Recent work emphasizes that continuous video is the critical missing ingredient for scaling these agents. But understanding why requires looking at what video teaches that screenshots cannot.

When you train on isolated image-action pairs, you're treating every click as independent. But humans don't work that way. The cursor doesn't teleport between positions; it follows a path. That path communicates intent. Slow, deliberate movements signal careful deliberation. Sharp diagonals suggest executed patterns. Fast corrections indicate error recovery.

Consider resizing a dialog box. The critical signal is the continuous mouse trajectory while dragging. Static frames give you "mouse at position A, then at position B." Video shows velocity profile, acceleration, micro-corrections, and the exact moment resistance appears. These details encode knowledge about what friction means, when to pause, when to commit.

Beyond cursor dynamics, sparse data fails to capture failure and recovery entirely. Humans don't always succeed on the first attempt. They overshoot, undo, backtrack, retry. Each failure contains information about what went wrong and how to recognize it. Sparse data deletes these sequences.

Professional software adds another layer of invisibility. A single screenshot from Krita, FreeCAD, or Inkscape is visually dense. Without video context showing how humans navigated to that state, an agent is lost. Where to look first? What sequence of UI elements led here? Video answers these questions implicitly through the flow of attention.

Continuous video is a strict superset of information. Every useful screenshot can be extracted as a keyframe from video without loss. But video additionally captures temporal sequences showing which UI elements humans examine first, cursor dynamics revealing confidence and expertise, micro-interactions happening too fast for stills to capture, failure and recovery patterns, and the rhythm of professional work itself.

This creates an elegant property: you can always extract sparse screenshots or click sequences from continuous video without information loss. But the reverse is impossible. A video dataset remains forward-compatible with any future agent architecture or learning approach. You're building the most general resource possible.

Inside CUA-Suite

The dataset is organized around three complementary resources, each answering different research questions.

VideoCUA is the core. It contains approximately 10,000 human-demonstrated tasks across 87 diverse applications with continuous 30 fps screen recordings, totaling 55 hours and 6 million frames. But raw video alone doesn't train agents. The dataset includes dense annotations that transform video into training material.

Kinematic cursor traces provide the exact pixel coordinates of the cursor at every frame, along with velocity and acceleration vectors. This is how you teach agents to move like humans, not like mechanical robots with unlimited precision.
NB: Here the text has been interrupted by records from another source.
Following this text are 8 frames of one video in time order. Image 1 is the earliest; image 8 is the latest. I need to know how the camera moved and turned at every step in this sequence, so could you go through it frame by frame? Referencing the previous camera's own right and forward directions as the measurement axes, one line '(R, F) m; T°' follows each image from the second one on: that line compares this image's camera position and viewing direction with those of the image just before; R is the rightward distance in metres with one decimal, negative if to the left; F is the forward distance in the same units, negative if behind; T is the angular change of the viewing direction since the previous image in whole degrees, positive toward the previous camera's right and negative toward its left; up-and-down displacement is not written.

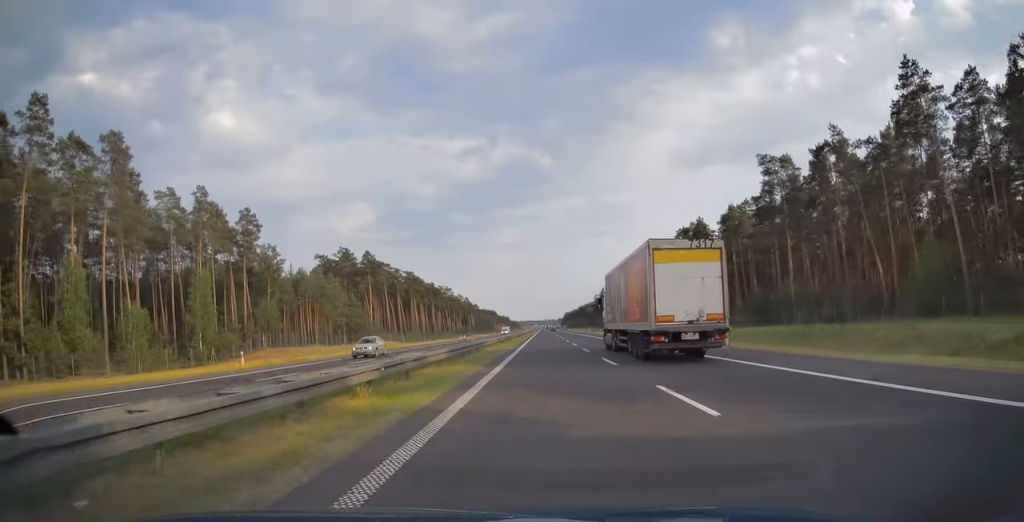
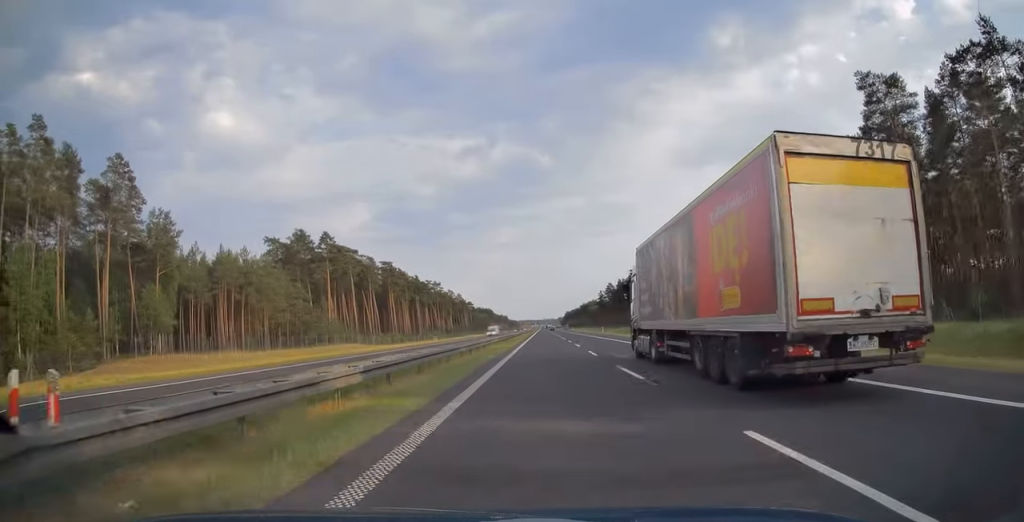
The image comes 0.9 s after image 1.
(+0.1, +30.2) m; 0°
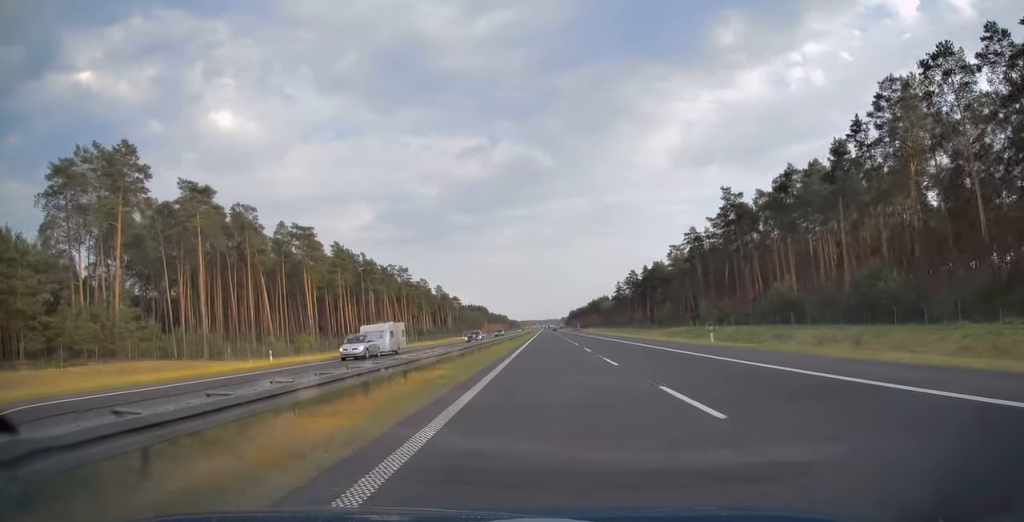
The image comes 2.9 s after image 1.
(-0.1, +66.5) m; 0°
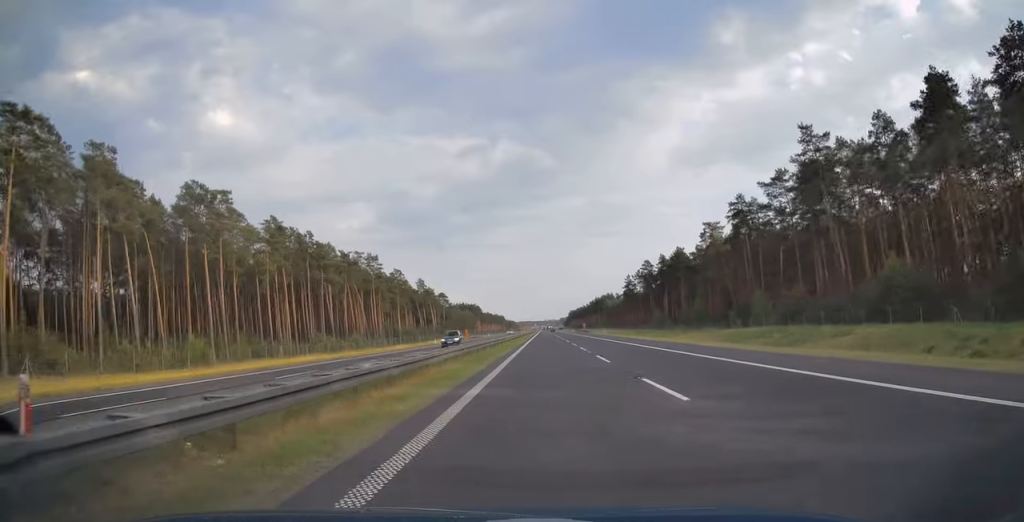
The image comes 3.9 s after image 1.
(-0.1, +34.0) m; 0°
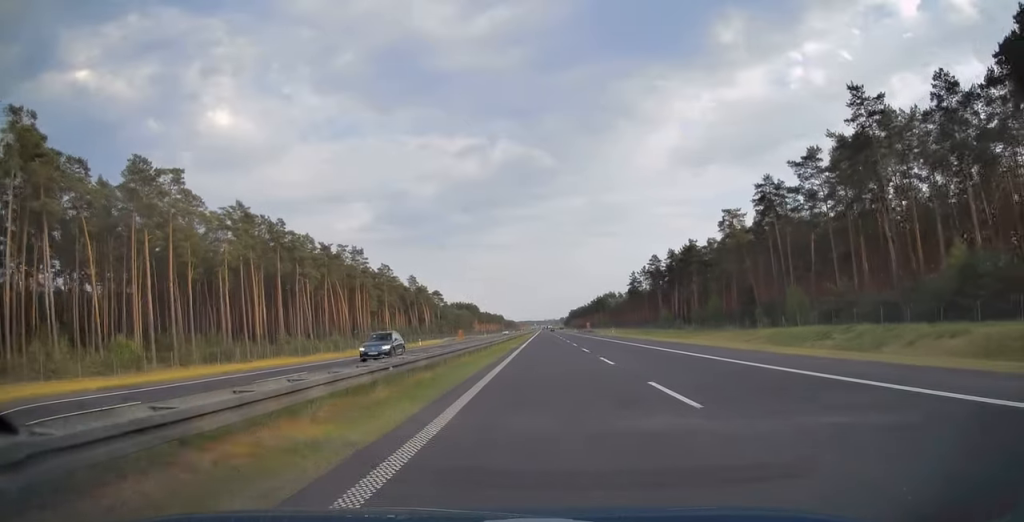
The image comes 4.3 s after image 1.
(+0.1, +13.2) m; 0°
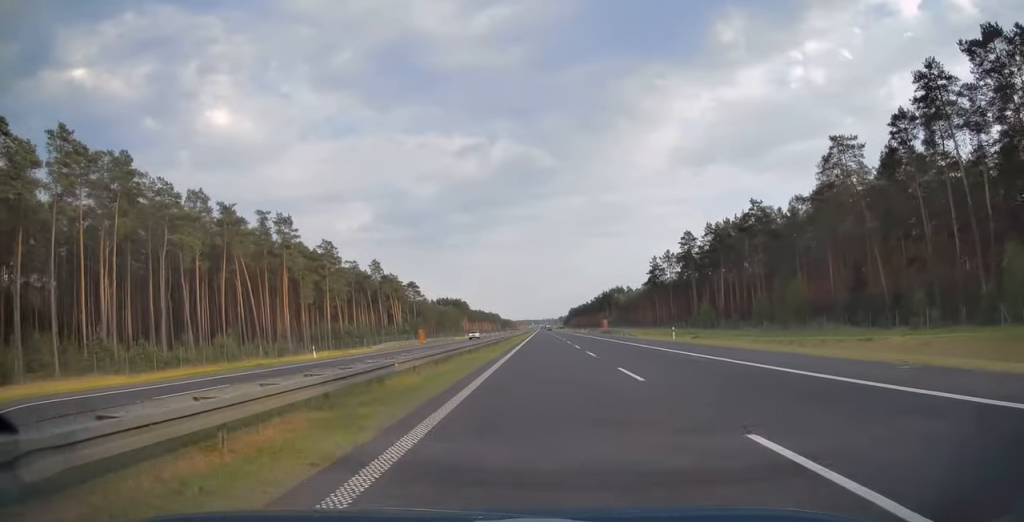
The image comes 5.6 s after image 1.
(0.0, +42.8) m; 0°
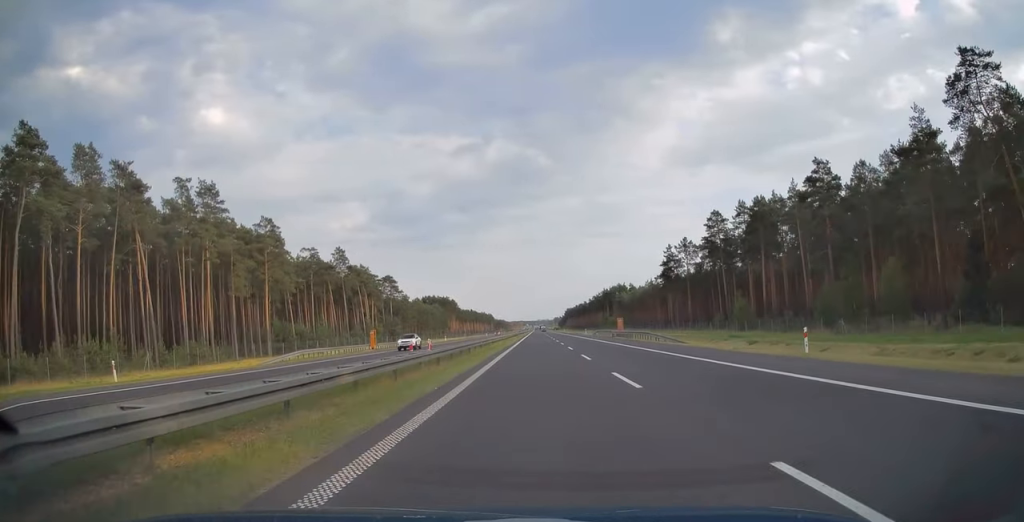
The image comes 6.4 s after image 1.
(0.0, +25.2) m; 0°
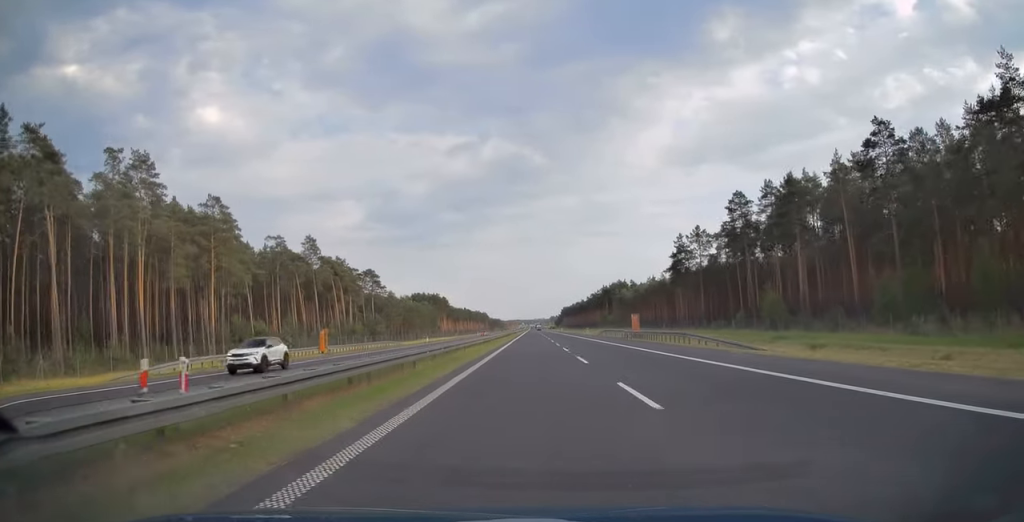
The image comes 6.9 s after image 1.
(0.0, +15.4) m; 0°

Keyframe annotations mark the visually and semantically distinct moments within task videos. Rather than labeling every frame, human experts identified transition points between major steps, decision points, and state changes. This creates a natural hierarchy from dense video down to sparse keyframe structure, letting researchers work at whatever granularity their approach requires.

Multi-layer reasoning annotations set CUA-Suite apart. For many tasks, annotators included explanations of why they took specific actions: "I'm clicking the dropdown to see options," "I'm hovering to check menu expansion," "I made an error and need to undo." These annotations bridge low-level actions and high-level reasoning, letting agents learn not just what humans do but why they do it.

The diversity of applications is crucial. The dataset spans professional design software (Krita, Inkscape, FreeCAD), media production (OBS Studio), IDEs, office suites, and more. Agents trained on limited software learn assumptions about UI conventions that don't generalize. A web browser trains you to expect clickable elements in specific styles, scrollbars on the right, navigation at the top. FreeCAD's tree-based selection breaks these assumptions. Krita's multi-panel layout and context-sensitive tools require rethinking how to find and activate functions. This diversity forces agents to learn fundamental GUI principles rather than superficial patterns.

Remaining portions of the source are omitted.